**To do:**
Exclude any images and output the remaining records exactly.

**Records provided:**
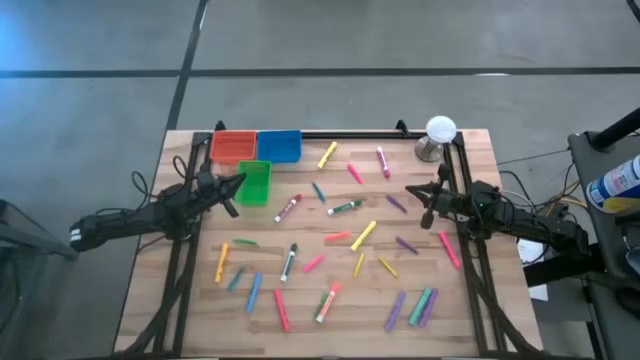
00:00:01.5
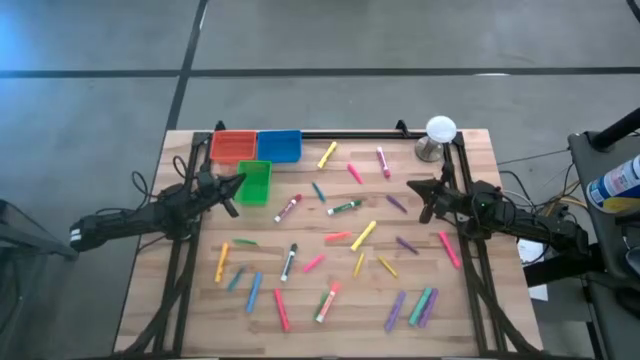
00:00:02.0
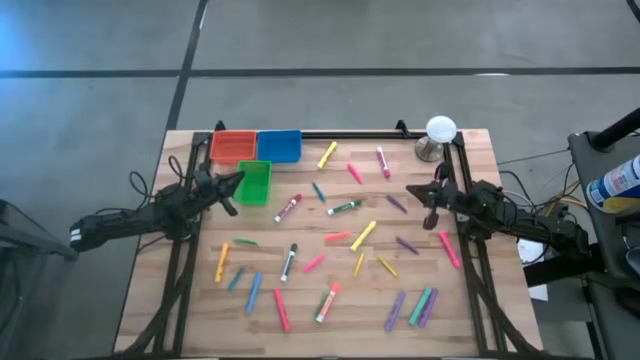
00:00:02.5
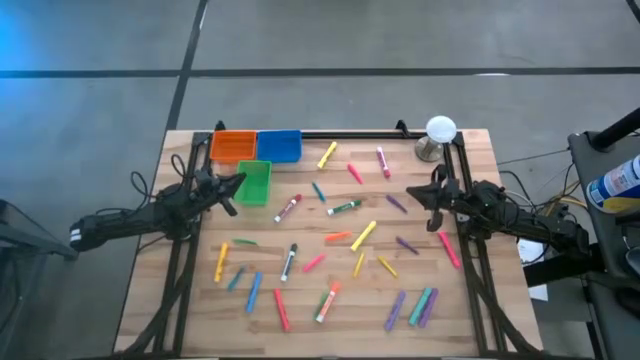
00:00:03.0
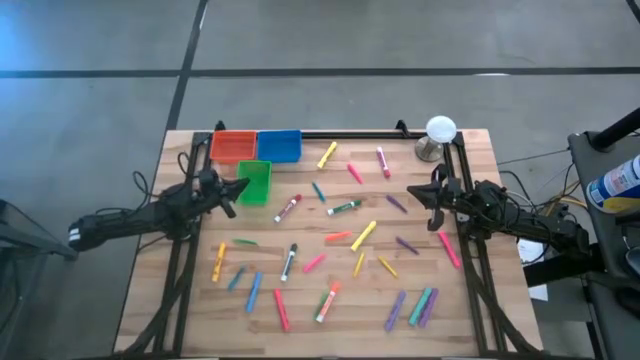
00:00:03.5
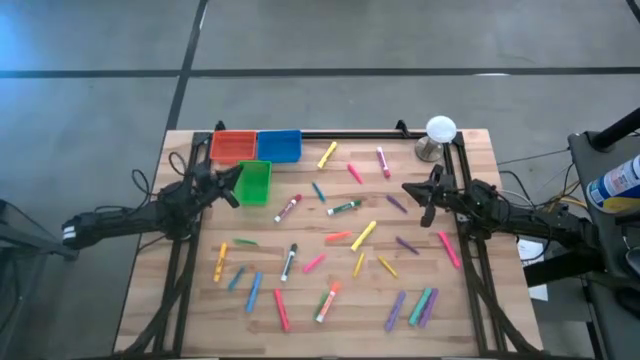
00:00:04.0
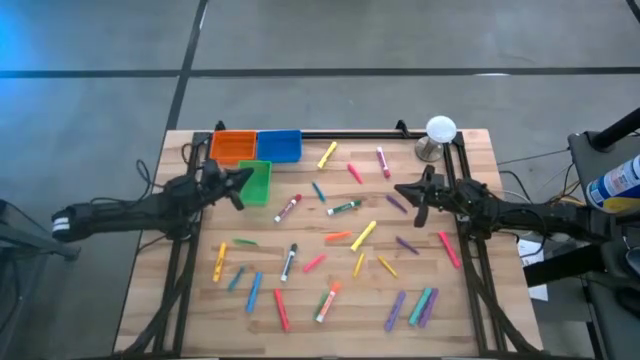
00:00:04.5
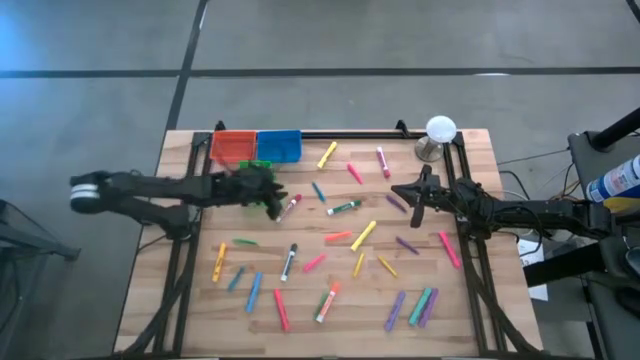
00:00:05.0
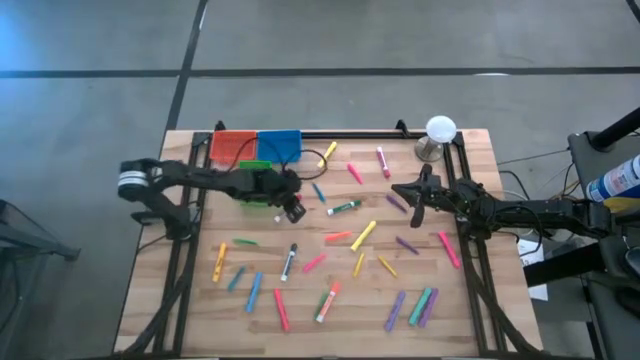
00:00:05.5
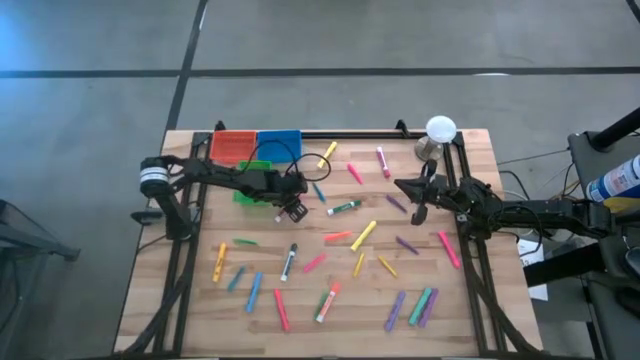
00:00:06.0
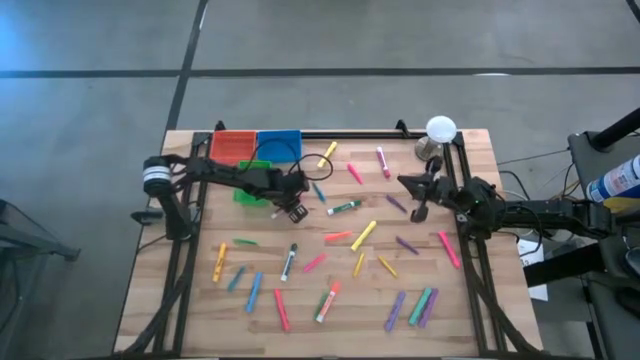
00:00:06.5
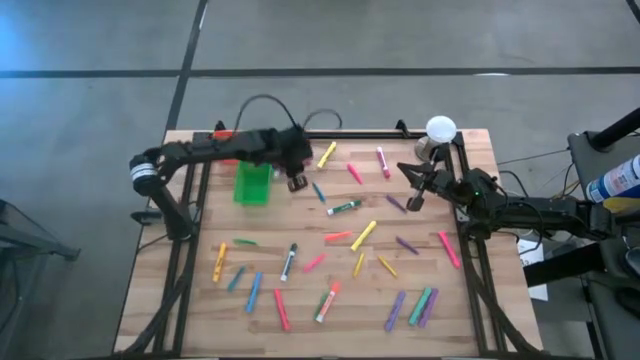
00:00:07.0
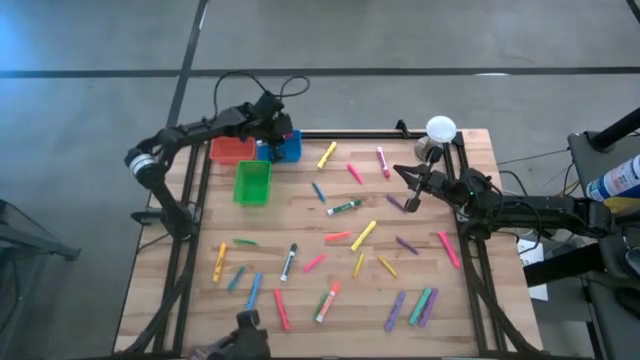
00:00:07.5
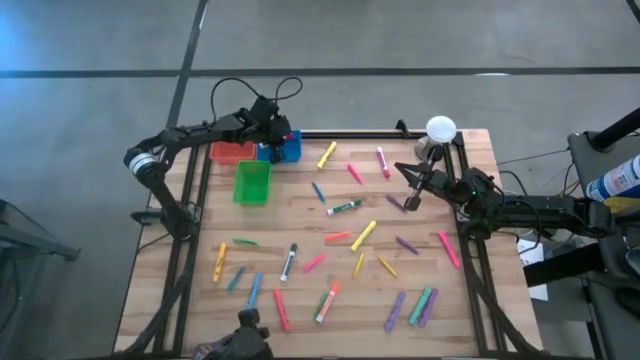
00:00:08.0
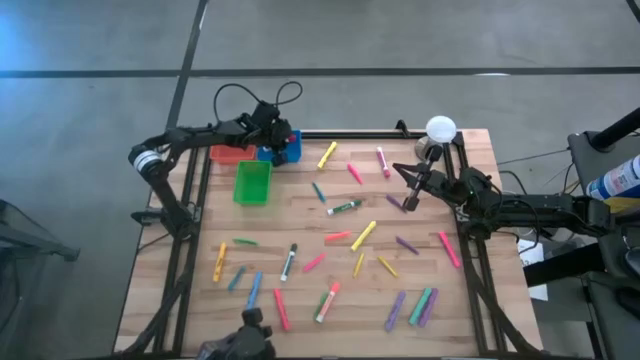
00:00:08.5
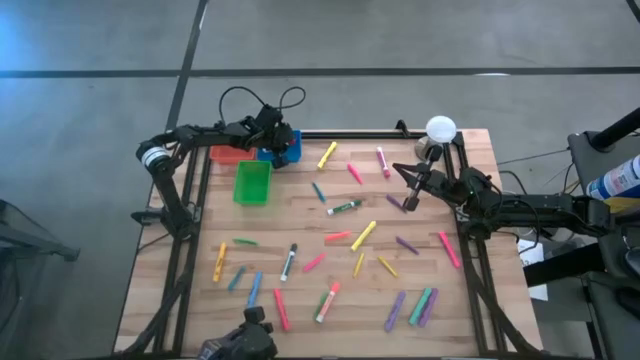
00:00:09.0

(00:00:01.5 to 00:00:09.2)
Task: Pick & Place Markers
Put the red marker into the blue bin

**Result for this task:**
00:00:01.5
00:00:02.0
00:00:02.5
00:00:03.0
00:00:03.5
00:00:04.0
00:00:04.5
00:00:05.0
00:00:05.5
00:00:06.0
00:00:06.5
00:00:07.0
00:00:07.5
00:00:08.0
00:00:08.5
00:00:09.0

(00:00:01.5 to 00:00:09.2)
Task: Pick & Place Markers
Put the red marker into the blue bin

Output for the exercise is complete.